# DATA DOWNLOAD AND EXPLORATION

## 1. Project Context
This projects aims to recognize fouls in soccer matches through multi-view videos. We use the SoccerNet-v2 dataset, wich provides detailed videos and annotations for training an validating.

This first notebook will cover the **installation** of the dataset to be used.
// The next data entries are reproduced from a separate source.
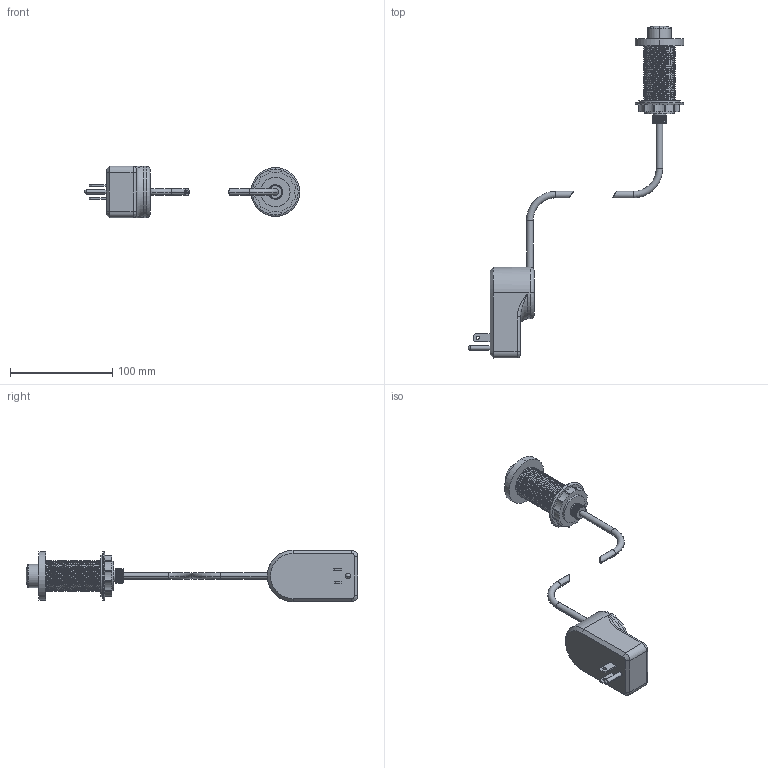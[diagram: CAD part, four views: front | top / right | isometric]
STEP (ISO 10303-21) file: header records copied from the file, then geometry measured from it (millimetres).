
FILE_DESCRIPTION((''),'2;1');
FILE_NAME('1500-5811','2021-10-05T11:27:58',('rsmith'),(''),'CREO PARAMETRIC BY PTC INC, 2018400','CREO PARAMETRIC BY PTC INC, 2018400','');
FILE_SCHEMA(('AUTOMOTIVE_DESIGN { 1 0 10303 214 1 1 1 1 }'));
Length unit declared in the file: inch
Products named in the file (1): 1500-5811
Bounding box: 211.15 x 325.22 x 50.55 mm (x, y, z)
Volume: 227199 mm3; surface area: 43669.4 mm2
Topology: 3 solids, 3 shells, 463 faces, 1215 edges, 786 vertices
Faces by surface type: plane 253, cylinder 148, bspline 37, torus 15, cone 6, sphere 4
Entity records: 38158 total; most frequent: CARTESIAN_POINT 18041, ORIENTED_EDGE 2422, DIRECTION 2039, PRESENTATION_STYLE_ASSIGNMENT 1661, STYLED_ITEM 1214, CURVE_STYLE 1211, EDGE_CURVE 1211, FILL_AREA_STYLE_COLOUR 869

This dataset is provided by _SoccerNet_ and contains over 3.000 multi-view videos for training, validation and testing, and provides 273 actions for the challenge.

We start by installing the __SoccerNet-v2__, wich will provide us the necessary tools for the download of the dataset.


## 2. Setup Instructions

We use a virtual environment to manage the project's dependecies. This prevents conflicts with Python configuration between contributors.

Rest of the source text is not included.